Annabelle 2

Originaldauer
105 min
Regisseur
David F. Sandberg
Besetzung
Anthony Lapaglia, Miranda Otto, Talitha Bateman
Sprachen
Deutsch, Englisch
Erscheinungsjahr
2017
FSK-Angabe
16 Jahre
  • SD
    € 4,99
  • HD
    € 5,99

Handlung

Gerade mal 6,5 Millionen Dollar kostete die Herstellung von "Annabelle", einem Ableger des Spukhausfilms "Conjuring - Die Heimsuchung", mit dem Genrespezialist James Wan ("Saw", "Insidious") 2013 abermals für Aufsehen sorgen konnte. Vergleicht man die Kosten der Horror-Produktion mit den weltweiten Einnahmen, die sich auf knapp 257 Millionen Dollar belaufen, muss es nicht verwundern, dass trotz schlechter Kritiken eine Fortsetzung auf den Weg gebracht wurde. Auch wenn der deutsche Verleihtitel anderes vermuten lässt, schreibt "Annabelle 2" (2017) die Erzählung des ersten Teils nicht weiter, sondern skizziert vielmehr die Vorgeschichte der titelgebenden Puppe. Mit Erfolg: Rund 600.000 wollten den Film hierzulande in den Kinos sehen.

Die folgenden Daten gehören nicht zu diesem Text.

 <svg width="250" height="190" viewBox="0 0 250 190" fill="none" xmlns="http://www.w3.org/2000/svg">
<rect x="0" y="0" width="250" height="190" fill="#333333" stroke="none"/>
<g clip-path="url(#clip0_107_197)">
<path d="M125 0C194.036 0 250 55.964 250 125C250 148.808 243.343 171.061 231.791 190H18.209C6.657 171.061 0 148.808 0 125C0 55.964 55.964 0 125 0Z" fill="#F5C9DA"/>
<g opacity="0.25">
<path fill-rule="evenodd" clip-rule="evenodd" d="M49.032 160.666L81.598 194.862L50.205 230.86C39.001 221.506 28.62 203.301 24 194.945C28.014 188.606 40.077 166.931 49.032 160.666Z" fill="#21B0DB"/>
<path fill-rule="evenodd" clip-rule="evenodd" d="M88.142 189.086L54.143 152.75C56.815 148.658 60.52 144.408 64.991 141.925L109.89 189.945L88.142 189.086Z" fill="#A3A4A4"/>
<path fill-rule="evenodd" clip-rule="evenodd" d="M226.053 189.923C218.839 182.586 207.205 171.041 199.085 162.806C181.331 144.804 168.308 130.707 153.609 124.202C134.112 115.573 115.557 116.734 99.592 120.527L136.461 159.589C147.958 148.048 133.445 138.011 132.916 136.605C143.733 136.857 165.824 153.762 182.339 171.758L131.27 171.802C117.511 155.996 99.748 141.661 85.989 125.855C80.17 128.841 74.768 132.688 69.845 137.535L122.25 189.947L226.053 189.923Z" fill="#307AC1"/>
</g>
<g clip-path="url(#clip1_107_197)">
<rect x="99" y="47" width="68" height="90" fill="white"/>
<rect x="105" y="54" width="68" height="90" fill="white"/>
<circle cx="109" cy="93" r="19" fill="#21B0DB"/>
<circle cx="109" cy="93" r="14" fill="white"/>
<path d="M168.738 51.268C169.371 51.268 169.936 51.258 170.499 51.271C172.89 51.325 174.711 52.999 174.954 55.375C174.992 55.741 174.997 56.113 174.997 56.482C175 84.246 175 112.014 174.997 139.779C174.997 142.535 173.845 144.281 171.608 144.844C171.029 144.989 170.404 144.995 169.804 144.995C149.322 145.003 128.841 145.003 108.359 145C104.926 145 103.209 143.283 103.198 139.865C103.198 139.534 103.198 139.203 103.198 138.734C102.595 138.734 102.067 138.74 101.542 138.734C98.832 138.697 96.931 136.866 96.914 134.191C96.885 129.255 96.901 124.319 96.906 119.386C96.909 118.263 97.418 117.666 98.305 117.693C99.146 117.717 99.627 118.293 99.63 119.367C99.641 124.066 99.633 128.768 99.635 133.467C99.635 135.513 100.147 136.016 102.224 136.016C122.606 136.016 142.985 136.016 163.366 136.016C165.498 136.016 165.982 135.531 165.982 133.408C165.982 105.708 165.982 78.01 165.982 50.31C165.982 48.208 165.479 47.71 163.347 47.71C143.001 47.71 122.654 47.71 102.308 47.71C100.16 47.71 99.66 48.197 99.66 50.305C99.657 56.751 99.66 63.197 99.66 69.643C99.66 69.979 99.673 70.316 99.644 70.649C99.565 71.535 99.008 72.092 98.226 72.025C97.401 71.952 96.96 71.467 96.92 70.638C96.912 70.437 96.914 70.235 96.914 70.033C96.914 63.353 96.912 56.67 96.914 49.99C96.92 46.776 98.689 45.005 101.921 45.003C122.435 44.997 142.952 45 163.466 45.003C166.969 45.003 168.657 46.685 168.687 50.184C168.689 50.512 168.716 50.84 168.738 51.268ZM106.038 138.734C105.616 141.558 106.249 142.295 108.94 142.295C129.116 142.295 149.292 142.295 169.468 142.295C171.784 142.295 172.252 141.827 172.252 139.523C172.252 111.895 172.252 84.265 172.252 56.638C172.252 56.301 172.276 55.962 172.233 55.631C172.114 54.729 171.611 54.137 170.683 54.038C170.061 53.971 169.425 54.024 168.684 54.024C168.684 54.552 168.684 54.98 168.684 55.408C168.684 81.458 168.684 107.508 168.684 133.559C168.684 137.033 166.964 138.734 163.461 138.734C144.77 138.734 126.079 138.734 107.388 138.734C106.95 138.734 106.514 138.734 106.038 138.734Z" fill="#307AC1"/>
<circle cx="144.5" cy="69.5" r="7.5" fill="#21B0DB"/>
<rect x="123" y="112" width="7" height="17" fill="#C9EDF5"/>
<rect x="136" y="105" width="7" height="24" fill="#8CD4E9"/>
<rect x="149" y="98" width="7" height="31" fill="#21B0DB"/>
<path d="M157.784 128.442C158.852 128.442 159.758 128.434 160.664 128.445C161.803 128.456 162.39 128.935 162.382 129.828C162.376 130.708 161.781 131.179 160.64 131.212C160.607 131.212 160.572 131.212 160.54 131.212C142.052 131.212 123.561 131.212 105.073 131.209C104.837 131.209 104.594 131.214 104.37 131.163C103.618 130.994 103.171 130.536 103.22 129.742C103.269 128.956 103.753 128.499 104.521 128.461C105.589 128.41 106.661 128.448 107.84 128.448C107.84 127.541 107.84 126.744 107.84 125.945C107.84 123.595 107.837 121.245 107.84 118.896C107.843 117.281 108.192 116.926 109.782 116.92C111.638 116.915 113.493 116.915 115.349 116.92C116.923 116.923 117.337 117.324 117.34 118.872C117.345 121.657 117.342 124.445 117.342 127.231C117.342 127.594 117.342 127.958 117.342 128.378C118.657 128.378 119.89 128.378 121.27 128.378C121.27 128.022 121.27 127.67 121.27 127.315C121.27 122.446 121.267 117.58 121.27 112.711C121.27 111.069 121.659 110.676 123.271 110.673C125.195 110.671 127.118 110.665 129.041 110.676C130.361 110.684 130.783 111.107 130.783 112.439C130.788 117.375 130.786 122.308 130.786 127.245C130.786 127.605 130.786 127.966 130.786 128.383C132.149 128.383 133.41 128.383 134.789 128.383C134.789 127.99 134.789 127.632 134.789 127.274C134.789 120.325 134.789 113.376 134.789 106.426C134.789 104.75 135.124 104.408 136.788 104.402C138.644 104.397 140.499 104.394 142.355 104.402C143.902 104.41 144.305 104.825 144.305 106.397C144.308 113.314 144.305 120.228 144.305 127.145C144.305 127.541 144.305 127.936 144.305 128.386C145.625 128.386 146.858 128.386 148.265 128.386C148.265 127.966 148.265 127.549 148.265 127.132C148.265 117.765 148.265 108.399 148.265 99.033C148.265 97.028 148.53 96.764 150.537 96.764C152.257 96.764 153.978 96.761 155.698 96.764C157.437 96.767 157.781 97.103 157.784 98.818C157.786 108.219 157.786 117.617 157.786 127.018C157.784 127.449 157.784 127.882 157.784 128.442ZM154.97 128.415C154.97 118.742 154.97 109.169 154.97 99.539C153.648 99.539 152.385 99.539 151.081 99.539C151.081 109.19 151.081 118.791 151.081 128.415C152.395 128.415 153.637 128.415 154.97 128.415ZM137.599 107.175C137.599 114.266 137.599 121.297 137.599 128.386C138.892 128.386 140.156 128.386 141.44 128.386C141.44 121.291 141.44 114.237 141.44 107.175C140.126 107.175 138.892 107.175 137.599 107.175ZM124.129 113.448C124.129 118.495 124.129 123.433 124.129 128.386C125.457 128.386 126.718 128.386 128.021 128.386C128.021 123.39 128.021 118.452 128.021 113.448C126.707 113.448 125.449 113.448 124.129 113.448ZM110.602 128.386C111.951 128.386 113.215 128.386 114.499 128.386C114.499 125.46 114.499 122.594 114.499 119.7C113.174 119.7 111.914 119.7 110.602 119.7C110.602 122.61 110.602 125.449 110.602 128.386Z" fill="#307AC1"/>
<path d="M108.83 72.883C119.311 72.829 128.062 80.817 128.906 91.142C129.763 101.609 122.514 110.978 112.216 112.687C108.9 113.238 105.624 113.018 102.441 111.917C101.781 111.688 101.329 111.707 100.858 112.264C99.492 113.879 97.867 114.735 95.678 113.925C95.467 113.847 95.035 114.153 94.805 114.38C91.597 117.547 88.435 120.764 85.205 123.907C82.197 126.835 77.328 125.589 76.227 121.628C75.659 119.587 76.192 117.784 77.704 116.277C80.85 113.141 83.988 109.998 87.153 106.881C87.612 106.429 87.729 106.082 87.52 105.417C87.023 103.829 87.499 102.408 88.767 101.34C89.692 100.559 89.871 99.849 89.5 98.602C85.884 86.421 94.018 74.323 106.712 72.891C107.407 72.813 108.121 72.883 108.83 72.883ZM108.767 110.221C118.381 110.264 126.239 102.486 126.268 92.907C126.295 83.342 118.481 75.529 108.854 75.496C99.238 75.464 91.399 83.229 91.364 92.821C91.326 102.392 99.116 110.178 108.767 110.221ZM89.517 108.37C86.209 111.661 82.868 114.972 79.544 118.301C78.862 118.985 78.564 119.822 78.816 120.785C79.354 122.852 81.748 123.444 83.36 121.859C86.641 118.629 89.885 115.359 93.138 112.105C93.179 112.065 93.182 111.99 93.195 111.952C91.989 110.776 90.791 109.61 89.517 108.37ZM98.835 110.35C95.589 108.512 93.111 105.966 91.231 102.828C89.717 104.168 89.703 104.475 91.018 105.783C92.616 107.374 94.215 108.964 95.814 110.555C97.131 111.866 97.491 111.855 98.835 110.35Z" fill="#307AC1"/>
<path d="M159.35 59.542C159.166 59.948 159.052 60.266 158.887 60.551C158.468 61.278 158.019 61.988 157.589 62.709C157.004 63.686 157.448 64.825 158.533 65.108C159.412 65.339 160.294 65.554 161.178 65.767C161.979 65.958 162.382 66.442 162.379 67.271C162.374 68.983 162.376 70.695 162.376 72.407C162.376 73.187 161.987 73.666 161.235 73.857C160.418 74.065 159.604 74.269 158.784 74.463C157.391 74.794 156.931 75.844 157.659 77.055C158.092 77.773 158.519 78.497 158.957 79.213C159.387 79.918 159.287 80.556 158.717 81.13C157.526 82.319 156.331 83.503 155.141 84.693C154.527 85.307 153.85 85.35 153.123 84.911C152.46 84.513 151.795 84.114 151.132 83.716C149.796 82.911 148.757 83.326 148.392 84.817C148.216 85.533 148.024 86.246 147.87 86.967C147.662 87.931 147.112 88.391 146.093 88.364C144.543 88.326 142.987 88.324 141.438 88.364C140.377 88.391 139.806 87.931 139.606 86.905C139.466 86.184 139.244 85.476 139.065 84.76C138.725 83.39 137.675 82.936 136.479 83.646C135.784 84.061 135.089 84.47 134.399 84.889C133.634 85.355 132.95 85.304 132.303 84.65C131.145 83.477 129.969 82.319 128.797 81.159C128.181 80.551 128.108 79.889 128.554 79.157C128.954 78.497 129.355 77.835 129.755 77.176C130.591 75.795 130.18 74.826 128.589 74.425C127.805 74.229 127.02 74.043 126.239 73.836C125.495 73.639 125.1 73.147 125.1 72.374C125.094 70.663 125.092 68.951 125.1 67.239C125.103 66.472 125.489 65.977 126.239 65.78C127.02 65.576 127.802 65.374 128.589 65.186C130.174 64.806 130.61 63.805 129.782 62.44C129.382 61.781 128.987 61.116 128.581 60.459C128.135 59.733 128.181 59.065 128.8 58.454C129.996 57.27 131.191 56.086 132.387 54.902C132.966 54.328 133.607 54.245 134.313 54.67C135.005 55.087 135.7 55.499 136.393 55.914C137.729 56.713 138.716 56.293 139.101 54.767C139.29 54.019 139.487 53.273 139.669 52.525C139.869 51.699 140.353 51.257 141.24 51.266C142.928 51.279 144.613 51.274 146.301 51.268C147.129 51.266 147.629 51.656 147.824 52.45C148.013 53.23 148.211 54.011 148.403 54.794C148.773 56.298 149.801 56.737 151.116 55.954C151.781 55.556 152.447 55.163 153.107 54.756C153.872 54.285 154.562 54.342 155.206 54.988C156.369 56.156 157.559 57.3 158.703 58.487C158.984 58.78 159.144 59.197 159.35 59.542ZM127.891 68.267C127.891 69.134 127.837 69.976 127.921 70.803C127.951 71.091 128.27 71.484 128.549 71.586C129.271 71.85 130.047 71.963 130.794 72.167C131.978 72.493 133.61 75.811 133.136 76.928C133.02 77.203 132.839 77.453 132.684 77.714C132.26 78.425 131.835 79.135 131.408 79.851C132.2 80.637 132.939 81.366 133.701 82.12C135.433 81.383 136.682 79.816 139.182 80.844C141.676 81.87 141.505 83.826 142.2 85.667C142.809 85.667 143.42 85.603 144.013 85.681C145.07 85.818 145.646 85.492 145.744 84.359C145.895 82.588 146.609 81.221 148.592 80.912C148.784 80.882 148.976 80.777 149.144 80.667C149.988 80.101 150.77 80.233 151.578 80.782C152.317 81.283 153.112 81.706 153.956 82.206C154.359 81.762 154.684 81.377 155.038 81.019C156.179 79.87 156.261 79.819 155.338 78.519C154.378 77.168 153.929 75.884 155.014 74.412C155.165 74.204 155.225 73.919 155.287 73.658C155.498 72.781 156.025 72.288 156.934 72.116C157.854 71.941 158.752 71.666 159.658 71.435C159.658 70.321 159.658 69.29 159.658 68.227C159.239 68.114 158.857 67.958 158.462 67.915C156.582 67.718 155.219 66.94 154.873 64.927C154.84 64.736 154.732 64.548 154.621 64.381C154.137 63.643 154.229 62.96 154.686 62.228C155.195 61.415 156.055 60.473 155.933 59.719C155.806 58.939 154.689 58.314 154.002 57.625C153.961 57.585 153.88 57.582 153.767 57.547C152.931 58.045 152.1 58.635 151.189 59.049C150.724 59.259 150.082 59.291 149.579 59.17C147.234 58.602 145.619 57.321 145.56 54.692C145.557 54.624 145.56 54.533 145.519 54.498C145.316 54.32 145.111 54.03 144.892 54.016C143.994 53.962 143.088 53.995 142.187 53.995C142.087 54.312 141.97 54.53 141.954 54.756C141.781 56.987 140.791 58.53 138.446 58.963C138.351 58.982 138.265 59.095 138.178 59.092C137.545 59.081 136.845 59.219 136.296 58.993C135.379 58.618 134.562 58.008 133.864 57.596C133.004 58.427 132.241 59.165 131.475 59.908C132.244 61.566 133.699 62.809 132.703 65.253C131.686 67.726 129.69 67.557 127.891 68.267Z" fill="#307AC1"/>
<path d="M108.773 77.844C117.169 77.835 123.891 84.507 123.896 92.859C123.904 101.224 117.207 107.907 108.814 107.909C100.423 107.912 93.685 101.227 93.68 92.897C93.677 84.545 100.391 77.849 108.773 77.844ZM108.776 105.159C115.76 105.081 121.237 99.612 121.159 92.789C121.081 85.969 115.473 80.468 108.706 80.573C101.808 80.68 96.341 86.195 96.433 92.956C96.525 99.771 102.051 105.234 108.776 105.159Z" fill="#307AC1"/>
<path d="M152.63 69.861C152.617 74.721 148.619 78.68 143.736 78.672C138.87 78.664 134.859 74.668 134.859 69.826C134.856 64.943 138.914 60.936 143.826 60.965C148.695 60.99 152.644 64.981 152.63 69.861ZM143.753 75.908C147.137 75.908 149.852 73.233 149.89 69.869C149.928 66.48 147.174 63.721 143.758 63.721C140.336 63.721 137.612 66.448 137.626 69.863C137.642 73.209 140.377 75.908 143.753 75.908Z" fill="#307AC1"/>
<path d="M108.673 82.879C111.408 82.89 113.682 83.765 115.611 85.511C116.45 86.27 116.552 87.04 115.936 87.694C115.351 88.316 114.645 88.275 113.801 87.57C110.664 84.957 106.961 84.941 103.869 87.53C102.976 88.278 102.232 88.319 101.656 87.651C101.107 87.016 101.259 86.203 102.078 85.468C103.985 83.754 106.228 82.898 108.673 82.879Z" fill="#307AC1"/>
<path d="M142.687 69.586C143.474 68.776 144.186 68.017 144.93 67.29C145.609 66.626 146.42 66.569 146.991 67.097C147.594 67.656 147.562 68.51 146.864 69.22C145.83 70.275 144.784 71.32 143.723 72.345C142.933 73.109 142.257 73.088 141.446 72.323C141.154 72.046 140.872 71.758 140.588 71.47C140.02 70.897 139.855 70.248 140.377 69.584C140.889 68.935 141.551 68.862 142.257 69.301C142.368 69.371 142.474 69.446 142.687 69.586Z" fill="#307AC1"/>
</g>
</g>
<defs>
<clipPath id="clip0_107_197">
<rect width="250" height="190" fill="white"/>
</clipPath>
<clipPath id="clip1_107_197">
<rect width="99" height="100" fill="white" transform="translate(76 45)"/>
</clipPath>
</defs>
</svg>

Die kleine Annabelle (Samara Lee) stirbt bei einem Autounfall und lässt ihre Eltern, den Puppenmacher Samuel Mullins (Anthony LaPaglia) und seine Ehefrau Esther (Miranda Otto), schwer gebrochen zurück. Zwölf Jahre später sind die beiden bereit, einige Waisenkinder in ihrem abgeschiedenen Anwesen aufzunehmen. Die Nonne Charlotte (Stephanie Sigman) zieht daraufhin mit sechs Schützlingen ein, die ihr Glück kaum fassen können.

Mit viel Liebe zum Detail erweckt "Annabelle 2" sein 50er-Jahre-Setting zum Leben und nimmt sich immer wieder Zeit für die Gefühlswelt der Protagonisten. Sei es den Schmerz, den das Ehepaar Mullins nach dem Tod seiner Tochter befallen hat, oder aber die Verlorenheit, die die an Polio erkrankte Janice (Talitha Bateman) verspürt. Obwohl sie in Linda (Lulu Wilson) eine rücksichtsvolle Freundin hat, zwingt ihre Erkrankung sie in eine Außenseiterrolle unter den Waisenkindern.

Während die anderen Mädchen die neue Umgebung ausführlich erforschen, ist Janice größtenteils an das Haus gebunden. Verdenken kann man es ihr daher nicht, dass sie sich auf der Suche nach kleinen Abenteuern über ein Verbot ihres Gastgebers hinwegsetzt, indem sie die Tür zu Annabelles Zimmer öffnet und unwissentlich eine böse Macht befreit.

Klassische, aber durchaus effektive Mittel - knarzende Dielenbretter, plötzlich zuschlagende Türen - nähren die Anspannung des Zuschauers und unterstreichen einmal mehr David F. Sandbergs inszenatorisches Geschick.